- Brief -
Only one stretch of the records below should be repeated. It starts with the line containing "cover by kind: herbaceous" and goes on through the line containing "longitude: 27.8061", exactly as written.

- The input -
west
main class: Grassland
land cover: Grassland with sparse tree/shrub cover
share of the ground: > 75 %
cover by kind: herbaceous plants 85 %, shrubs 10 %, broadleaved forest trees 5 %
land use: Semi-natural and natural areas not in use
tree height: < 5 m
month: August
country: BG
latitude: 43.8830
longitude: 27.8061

* * *

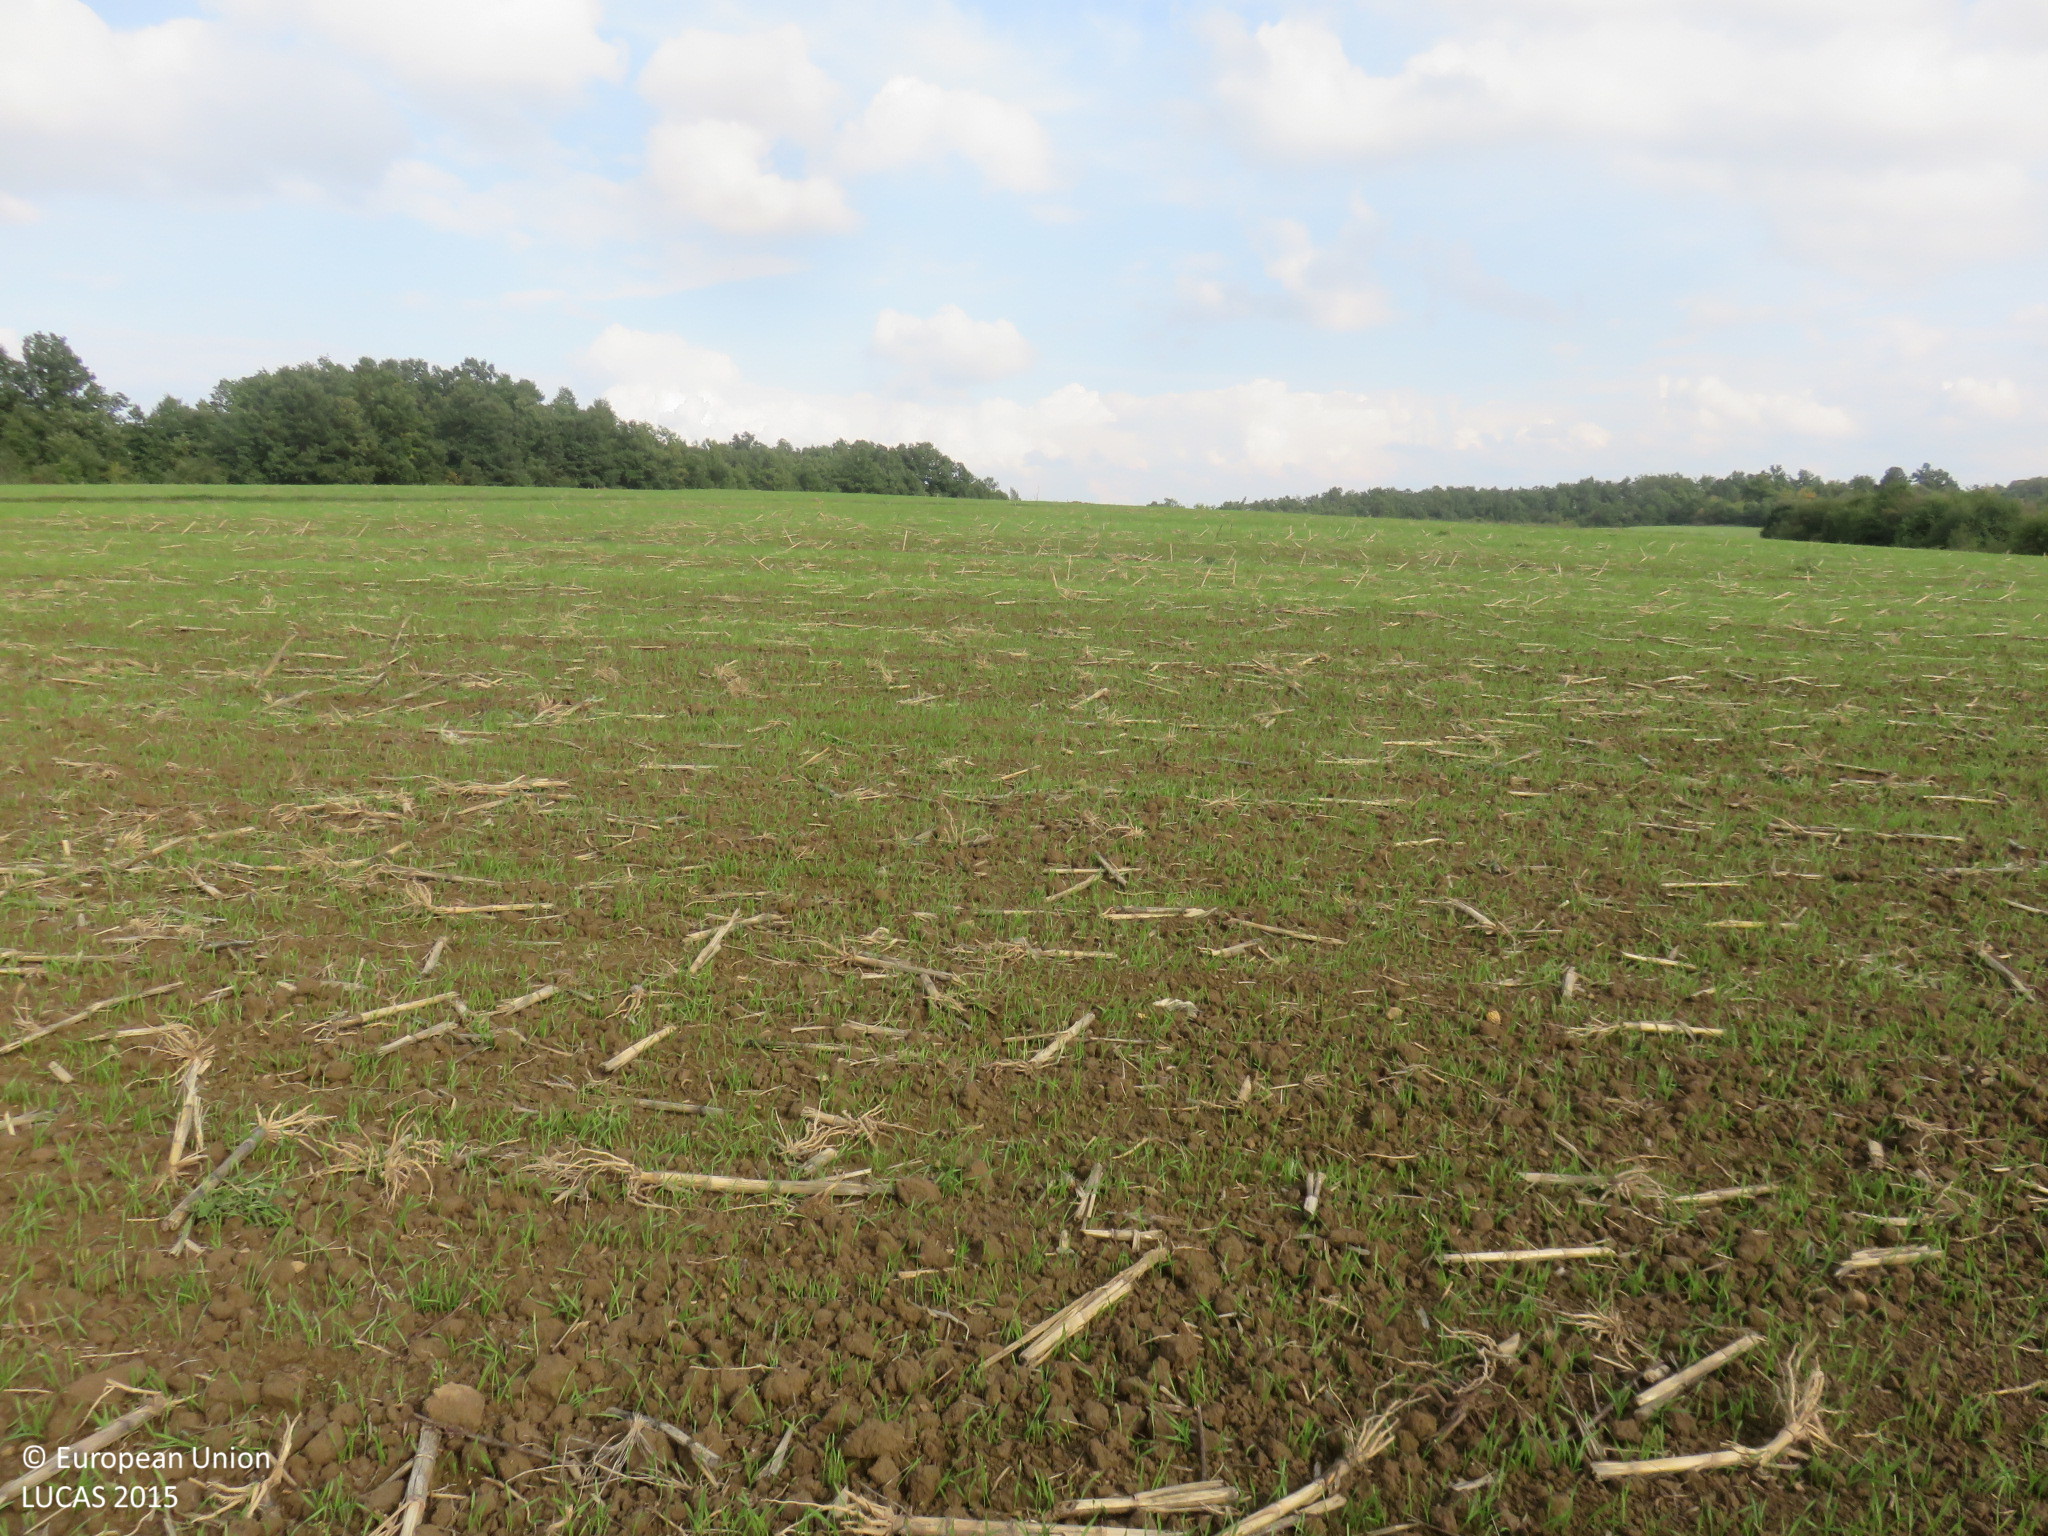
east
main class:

---

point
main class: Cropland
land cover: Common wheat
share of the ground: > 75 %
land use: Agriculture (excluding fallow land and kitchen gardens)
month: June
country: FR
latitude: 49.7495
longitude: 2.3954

- Result of the exercise -
cover by kind: herbaceous plants 85 %, shrubs 10 %, broadleaved forest trees 5 %
land use: Semi-natural and natural areas not in use
tree height: < 5 m
month: August
country: BG
latitude: 43.8830
longitude: 27.8061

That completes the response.